但卡点也同样清楚:metric validity。一个系统可以把 leaderboard 分数推高,并不意味着它理解了生物机制、因果关系或现实部署约束。metric 设计得越窄,AI 越可能找到高分技巧;metric 越接近真实科学目标,AI 的输出才越有价值。
这正好回到 AI 应用边界的主线:可执行、可评分、可重复运行的计算任务,AI 落地快;需要长期实验、因果解释、跨环境泛化和责任判断的任务,AI 仍然慢。
批判性阅读:泛化、泄漏、metric gaming 和安全
第一条红旗是泛化。ERA 在多个公开 benchmark 上表现很强,但这些仍然是 scorable tasks。真正要看的是它能否在新数据、新实验室、新疾病和真实科研流程中稳定提高产出,而不是只在已有 leaderboard 上找到高分程序。
第二条红旗是数据泄漏和 benchmark 过拟合。论文做了 holdout 设计、滚动验证和人工代码检查,但任何自动搜索系统都需要防止无意间从公开 benchmark、历史提交、论文摘要或 evaluation code 中学到不该学的线索。
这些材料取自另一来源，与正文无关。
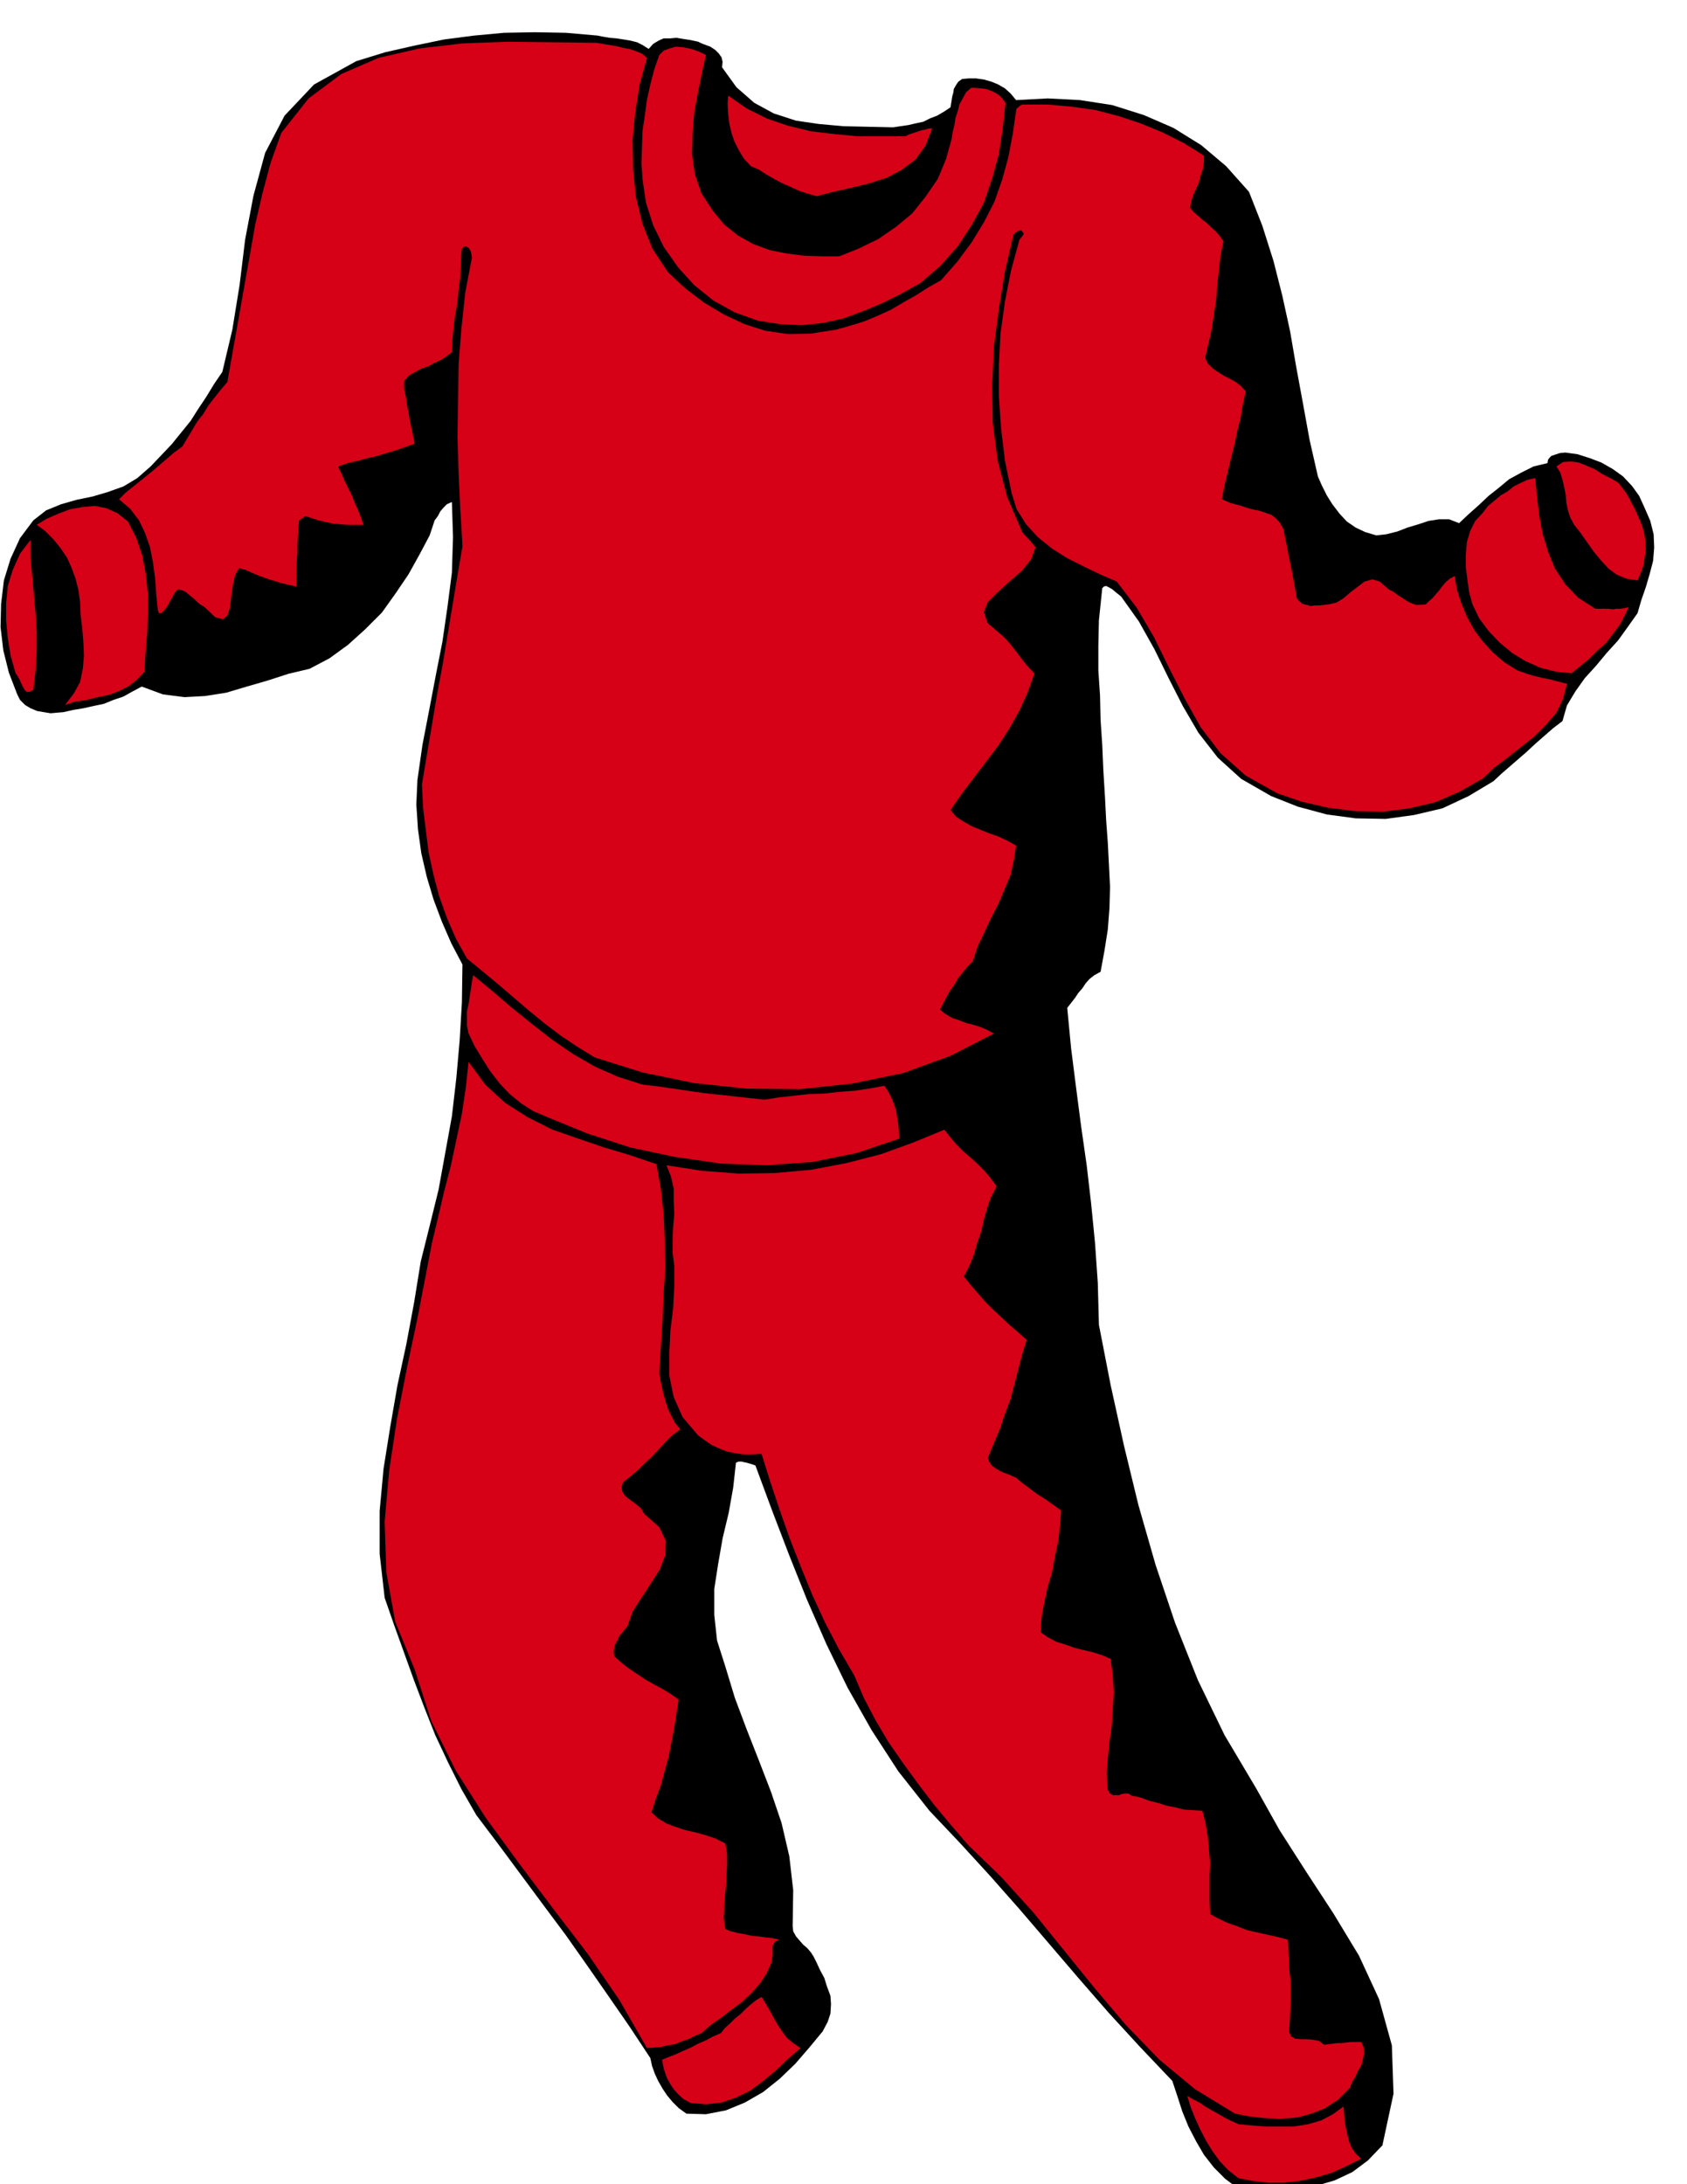 <svg xmlns="http://www.w3.org/2000/svg" width="490.455" height="634.931" fill-rule="evenodd" stroke-linecap="round" preserveAspectRatio="none" viewBox="0 0 3035 3929"><style>.pen1{stroke:none}.brush2{fill:#d60017}</style><path d="m1167 88 8-9 10-6 9-4h12l11-1 12 2 13 2 14 3 6 3 8 3 8 3 9 6 6 6 5 7 2 8-1 10 26 36 32 28 35 19 40 13 41 6 44 4 44 1 46 1 13-2 14-2 13-3 14-3 12-6 13-5 12-7 12-8 1-6 1-6 1-7 2-7 1-7 4-7 4-6 7-5 12-1h13l14 2 14 4 12 5 12 7 10 9 10 12 57-3 58 3 58 9 57 18 53 23 50 31 45 38 41 46 24 61 20 63 16 63 14 64 11 64 12 65 12 66 15 66 7 16 9 18 10 16 13 17 13 14 16 11 17 8 20 6 18-2 20-5 18-7 20-6 18-6 19-3h18l18 7 17-16 18-16 18-17 19-15 18-15 22-12 22-11 25-6 1-6 3-4 3-3 6-2 9-3 10-1 22 3 22 7 21 8 21 12 18 13 16 17 13 18 10 22 10 23 6 24 1 24-2 24-6 23-7 24-8 23-7 24-17 24-18 25-20 22-20 24-20 22-17 24-15 25-8 28-17 13-16 14-16 14-15 14-15 13-15 13-15 13-15 14-45 27-47 22-51 12-51 7-54-1-52-7-52-14-48-19-54-31-42-38-35-45-28-48-26-51-25-51-28-50-32-45-5-4-5-4-6-5-5-3-6-3-4 1-3 3-1 10-5 48-1 46v44l3 45 1 44 3 45 2 46 3 49 2 40 3 41 2 39 2 40-1 38-3 39-6 38-7 38-11 6-9 7-7 8-6 9-7 8-6 9-7 9-7 9 7 73 9 71 9 69 10 70 8 69 7 71 5 72 2 75 21 108 24 109 26 107 31 108 35 104 41 103 48 99 57 96 42 75 48 75 49 75 46 76 36 78 23 83 3 87-20 93-26 27-28 21-32 15-34 10-36 5-35 2h-36l-32-2-24-18-20-20-18-23-14-24-14-27-11-27-9-28-9-27-58-61-56-61-54-62-53-62-54-63-53-60-55-60-54-57-56-71-48-74-43-76-38-78-35-80-32-80-31-81-30-81-9-3-7-2-5-1-4-1h-5l-5 2-5 45-8 45-11 46-8 46-7 45v47l5 46 15 47 17 56 21 56 22 56 22 57 19 56 14 60 7 61-1 65 1 9 5 9 6 7 7 8 7 6 7 8 5 8 5 10 6 13 8 15 5 16 6 16 1 15-1 17-5 15-9 17-24 29-25 29-28 27-30 24-33 19-34 14-36 7-35-1-14-10-11-11-10-12-8-12-8-14-6-13-5-14-3-14-37-56-38-55-39-56-38-54-41-55-40-54-40-54-40-53-27-47-24-48-23-49-19-48-19-50-18-50-18-50-17-49-9-79v-77l7-76 12-75 13-75 16-74 14-75 12-74 16-64 16-65 12-66 12-66 8-69 6-68 4-68 1-68-20-38-17-39-15-40-12-40-10-43-6-43-3-45 2-44 9-63 12-62 12-63 12-61 9-62 8-62 2-64-2-63-9 4-6 6-6 7-4 8-6 8-3 9-3 9-3 9-18 34-20 36-23 34-25 35-30 30-31 28-33 24-36 19-38 9-37 12-38 11-37 11-38 6-37 2-39-5-38-14-17 9-16 9-18 6-17 7-19 4-18 4-18 3-18 4-12 1-11 1-12-2-12-2-12-5-10-6-9-9-5-10-15-39-10-40-5-42 1-42 5-42 12-39 17-37 24-32 23-18 27-11 28-8 29-6 27-8 28-10 25-15 24-21 19-20 19-20 17-21 17-21 14-22 14-21 14-23 15-22 18-76 13-80 10-82 15-79 21-77 35-67 53-56 76-42 52-16 53-12 53-11 54-7 54-5 55-1 56 1 57 5 10 2 12 2 12 1 13 2 12 2 12 3 10 5 11 7z" class="pen1" style="fill:#000"/><path d="m1164 104-13 47-8 50-5 51 1 52 5 50 12 49 18 45 28 42 30 28 34 26 35 21 38 18 38 12 41 6 41-1 45-7 25-7 26-8 24-10 24-11 22-13 23-13 22-14 23-13 29-33 26-35 22-36 19-37 14-40 11-40 8-42 6-42 1-4 3-2 3-3 4-2h45l45 4 42 6 42 11 39 13 39 16 38 19 37 23v12l-2 12-4 12-3 12-5 11-5 11-4 12-2 12 6 7 8 7 8 7 9 7 7 7 8 7 7 8 7 10-5 24-3 27-3 27-2 27-4 26-4 27-6 26-6 26 5 10 9 9 9 6 11 7 10 5 11 6 9 7 9 10-5 23-4 24-6 24-5 24-6 24-6 25-6 25-5 25 7 3 9 4 5 1 6 2 5 1 6 2 9 3 12 3 10 2 11 4 9 3 9 7 7 8 6 11 3 15 3 15 3 15 3 15 3 15 3 16 3 16 3 17 4 5 6 5 7 2 8 2 8-1h8l8-1 8-1 14-3 13-8 13-11 13-10 12-9 14-4 13 4 16 14 8 4 8 6 8 5 9 6 8 4 8 3h9l9-1 6-6 6-5 6-7 6-7 6-8 6-7 7-6 9-5 4 24 8 25 10 24 13 24 15 20 18 20 21 18 24 15 9 3 11 4 11 3 12 3 11 2 12 3 11 3 12 3-7 27-12 25-19 22-21 21-24 19-24 19-24 18-20 19-42 24-44 19-47 11-47 6-50-1-48-6-48-11-44-15-57-32-45-40-36-47-29-52-28-55-27-55-31-53-36-47-30-13-29-14-30-15-27-17-26-21-21-23-17-27-9-29-12-58-7-58-4-58v-57l3-57 8-57 11-56 15-55 5-6 3-5-5-6-5 1-6 4-3 4-15 65-11 68-9 68-3 70 1 67 9 68 17 65 27 63 5 6 6 6 6 7 7 8-8 22-17 21-22 19-21 19-18 18-7 18 7 20 27 23 7 7 7 8 7 9 7 9 6 8 7 9 7 8 9 9-12 34-15 33-18 32-20 31-22 29-22 29-22 29-20 29 10 12 14 9 14 8 17 7 15 6 17 6 15 7 16 9-4 26-6 27-11 26-11 26-13 25-12 26-12 25-9 27-9 9-9 11-8 10-7 12-8 11-6 11-6 11-6 12 10 8 12 7 12 4 13 5 12 3 13 4 12 5 13 7-78 40-85 31-92 19-94 10-97-1-94-10-92-19-86-27-31-19-30-20-29-22-27-22-28-24-28-24-29-24-28-23-20-36-16-37-14-39-10-38-9-41-5-40-5-41-2-41 9-54 9-53 9-54 10-53 9-54 9-54 9-54 9-53-4-66-3-65-2-65 1-65 1-66 5-64 7-65 12-63-1-6-1-5-3-5-2-2-4-2-4 1-3 3-1 8-1 22-1 22-3 22-2 23-4 22-3 22-2 22-1 23-10 8-11 7-11 5-11 6-12 4-11 6-11 6-9 10v14l3 14 2 14 3 15 2 13 3 14 3 14 3 15-17 6-17 6-17 5-16 5-18 4-18 5-18 4-17 6 6 12 6 14 6 12 7 14 5 13 6 13 5 13 5 14h-27l-14-1-13-1-14-3-13-3-12-4-12-4-5 4-6 4-1 14-1 14-1 15v15l-1 15-1 15v31l-13-3-13-3-13-4-13-4-14-5-12-5-13-6-12-3-7 12-4 18-3 20-2 20-5 15-8 7-14-4-19-18-8-5-6-5-5-5-5-4-6-5-5-4-7-3-6-1-5 5-5 9-5 9-5 9-6 7-4 4h-4l-2-5-3-29-2-29-4-29-5-26-9-26-11-23-16-21-20-17 12-12 15-12 15-12 15-12 14-12 14-12 14-12 15-11 9-15 9-15 9-15 11-14 9-15 11-14 11-14 12-14 10-57 10-56 10-57 10-56 10-57 13-56 15-56 19-53 49-62 59-44 67-29 74-17 77-9 81-3 80 1 80 1 12 2 12 2 12 2 12 3 11 2 12 4 10 4 10 8z" class="pen1 brush2"/><path d="m1270 99-7 31-7 35-7 37-3 38-1 37 5 36 12 35 21 32 20 24 25 20 27 15 30 11 30 6 32 4 31 1h32l35-14 35-17 32-22 29-24 24-30 22-32 15-36 10-36 2-13 3-12 2-13 4-12 3-12 6-11 6-11 9-8h8l9 1 9 1 9 3 7 3 8 5 6 6 6 8-5 46-7 46-12 44-15 44-22 40-25 38-31 35-36 31-34 19-34 17-36 15-35 13-37 8-38 4-39-2-39-6-42-15-38-21-35-28-29-32-26-37-19-39-13-41-6-41-2-30 1-29 1-29 4-27 4-29 6-27 7-27 9-26 8-8 11-4 11-3 12 1 11 2 11 3 10 4 10 5z" class="pen1 brush2"/><path d="m1629 245 6-3 6-2 6-2 6-2 6-2 6-1 6-2h6l-12 31-18 25-24 18-28 15-32 10-32 8-32 7-30 8-17-5-15-5-15-7-14-6-15-8-14-8-14-9-14-6-13-14-9-15-8-16-5-15-4-17-2-17-1-18 1-15 33 23 36 18 38 13 41 10 41 5 43 4h87zm1320 688 5 12 4 14 2 14 1 15-2 14-2 14-5 14-6 14-20-3-17-7-15-11-13-14-14-17-12-17-12-17-11-14-7-13-4-12-3-14-1-14-3-15-3-13-4-13-7-11 12-8 14-1 14 2 15 6 14 6 14 9 14 7 14 8 5 6 6 8 5 7 5 9 4 8 5 9 4 9 4 9zm-79 162h24l8 1 6-1h7l7-1 8-2-7 15-9 17-12 16-13 17-16 14-15 15-16 13-15 12-29-3-27-7-27-12-23-14-23-19-20-21-17-23-12-25-6-22-3-22-3-23v-22l2-23 6-20 9-18 14-15 9-12 11-9 12-10 12-7 11-9 12-6 13-6 14-3 3 32 4 34 6 33 10 33 12 30 19 29 23 24 31 20zM230 938l15 29 11 32 6 32 4 36v35l-1 35-3 35-2 36-13 14-15 12-18 9-18 7-20 4-20 5-21 3-18 6 16-21 11-20 5-24 2-23-1-25-2-24-3-25-1-24-3-21-5-20-7-19-8-18-12-18-13-16-15-15-15-11 18-11 21-9 21-8 23-4 21-2 21 4 20 9 19 15zM60 1241l-6 3-5 1-4-3-3-5-4-8-3-7-4-7-3-4-9-32-5-31-3-32v-31l3-31 9-29 13-29 19-25v33l3 33 3 33 3 34 2 33v35l-2 34-4 35zm1096 710 27 3 27 4 27 4 28 4 27 3 28 3 27 3 28 3 26-4 27-3 27-3 28-1 27-3 27-2 27-4 27-5 6 9 6 11 5 12 4 12 2 12 2 12 1 13 1 14-77 26-79 16-83 6-82-3-83-12-80-17-77-25-71-29-26-11-22-14-21-17-18-19-17-22-14-22-14-23-11-23-3-14v-26l3-13 2-14 2-12 2-14 2-12 34 28 35 30 36 29 37 29 38 26 40 23 41 18 44 14z" class="pen1 brush2"/><path d="m1181 2094 8 45 5 46 2 47 1 48-3 47-2 47-3 47-3 48 2 13 3 14 3 13 4 14 4 12 6 12 6 12 10 12-15 11-12 12-12 13-12 13-13 12-12 12-13 11-14 11-3 9 2 9 4 6 7 6 7 5 8 6 7 6 6 10 27 24 12 25-1 25-10 26-16 25-17 26-16 25-9 26-5 6-5 6-5 6-3 7-4 7-2 7-1 7 1 8 12 11 14 11 15 10 15 10 14 8 15 8 15 9 16 11-4 25-4 26-5 26-5 26-7 25-7 26-9 24-8 25 12 11 15 9 16 6 18 6 18 4 18 5 18 6 18 9 3 19v20l-1 19-1 20-2 18-1 19-1 19 3 20 10 4 12 3 12 2 13 3 12 1 13 2 12 1 13 3-7 3-3 4-2 4v17l-1 6-1 7-9 20-12 18-15 17-17 16-19 14-18 14-19 13-17 15-12 5-12 6-12 4-12 5-13 2-12 3-13 1-12 1-50-87-57-83-62-81-61-81-60-82-54-85-44-89-30-93-35-86-16-89-3-91 8-91 14-93 18-92 19-90 17-88 9-47 11-46 11-47 12-46 10-47 10-47 7-47 5-46 30 41 36 33 41 26 44 22 46 16 47 16 47 14 47 16z" class="pen1 brush2"/><path d="m1793 2134-10 19-7 20-6 21-5 22-7 20-6 21-8 20-10 19 12 15 13 15 13 15 15 15 14 13 15 14 15 13 16 14-8 26-7 27-7 27-7 27-10 26-9 27-11 26-11 27 3 7 5 7 6 4 8 5 7 3 8 3 7 3 7 3 9 8 11 8 9 7 11 8 10 6 10 7 10 7 11 8-2 27-3 28-6 27-5 28-8 27-6 27-5 27-2 28 13 9 15 8 16 5 17 6 16 4 17 4 16 5 16 7 4 30 2 30-2 30-2 31-4 29-3 29-2 28 2 28 3 6 6 4h11l5-2 6-1h6l6 4 15 3 16 6 16 4 16 5 15 3 16 4 16 1 17 1 6 23 4 24 2 23 2 24-1 22v46l1 24 15 8 17 8 17 6 18 7 18 4 18 4 18 4 19 5 1 19 1 20 1 19 2 19v37l-1 19-1 21-1 12 4 8 7 4 10 1h11l11 1 11 2 9 7 8-1 8-1 8-1h8l7-1 9-1h19l4 9 1 11-2 11-3 11-6 10-5 11-6 10-4 10-21 21-23 15-25 10-26 7-29 2-28-1-28-3-26-5-72-44-64-53-60-62-56-66-56-69-55-68-58-64-59-57-31-36-30-36-29-38-27-37-27-39-23-39-21-40-17-40-28-48-25-48-23-50-20-49-20-51-18-51-17-51-16-51-16 1h-16l-15-2-15-3-15-6-13-6-13-9-11-8-28-33-16-36-8-39v-39l2-41 5-41 2-39v-37l-3-24v-23l1-23 2-23-1-24v-22l-5-22-8-20 64 10 66 5 65-1 66-6 63-12 62-16 58-21 56-23 10 13 12 14 12 12 14 12 12 11 12 12 11 13 11 15zm-353 1550-23 20-22 21-23 19-23 17-25 12-26 9-27 3-28-2-13-7-9-8-9-10-6-9-6-11-4-11-3-11-2-11 12-5 13-5 13-6 14-6 13-7 14-6 13-7 14-6 7-9 9-8 9-9 10-8 9-9 9-8 10-8 10-6 7 11 7 12 7 13 8 14 8 12 9 12 11 9 13 9z" class="pen1 brush2"/><path d="m2228 3821 22 2 26 2h52l25-4 24-7 21-11 19-14 1 11 1 13 2 13 3 14 3 12 5 12 7 10 10 9-28 14-27 12-28 8-28 6-29 3h-28l-27-3-26-5-19-15-15-16-13-18-11-18-11-21-9-20-8-20-6-20 10 6 12 6 10 7 12 7 11 6 12 7 12 6 13 6z" class="pen1 brush2"/></svg>

第三条红旗是 metric gaming。ERA 的优势正来自自动评分,因此也天然容易把 metric 当作最终目标。科研使用时必须先问:这个 score 是否真的代表生物信号、公共卫生价值或可复现的科学结论?
第四条红旗是安全。作者也明确指出,自动生成 expert-level empirical software 会降低复杂计算模型的部署门槛。在流行病预测、临床建模、合成生物学或其他敏感领域,必须有人工审查、权限控制和风险边界。
对 AI 应用边界的启发
投资 / 合作判断上,ERA 提醒我们要找“验证便宜”的工作流。好项目不是只说有 agent,而是能明确给出数据、评价函数、sandbox、反馈循环和人工审查。对于生物医药,单细胞分析、成像分析、流行病预测、药筛数据建模这类任务比开放式临床推理更适合先落地。
科研方向跟踪上,我会关注三件事:第一,ERA 这种 code-search 系统能否接入真实实验闭环;第二,metric 设计如何避免 benchmark overfitting;第三,系统生成的科学软件能否被外部团队复现、维护和解释。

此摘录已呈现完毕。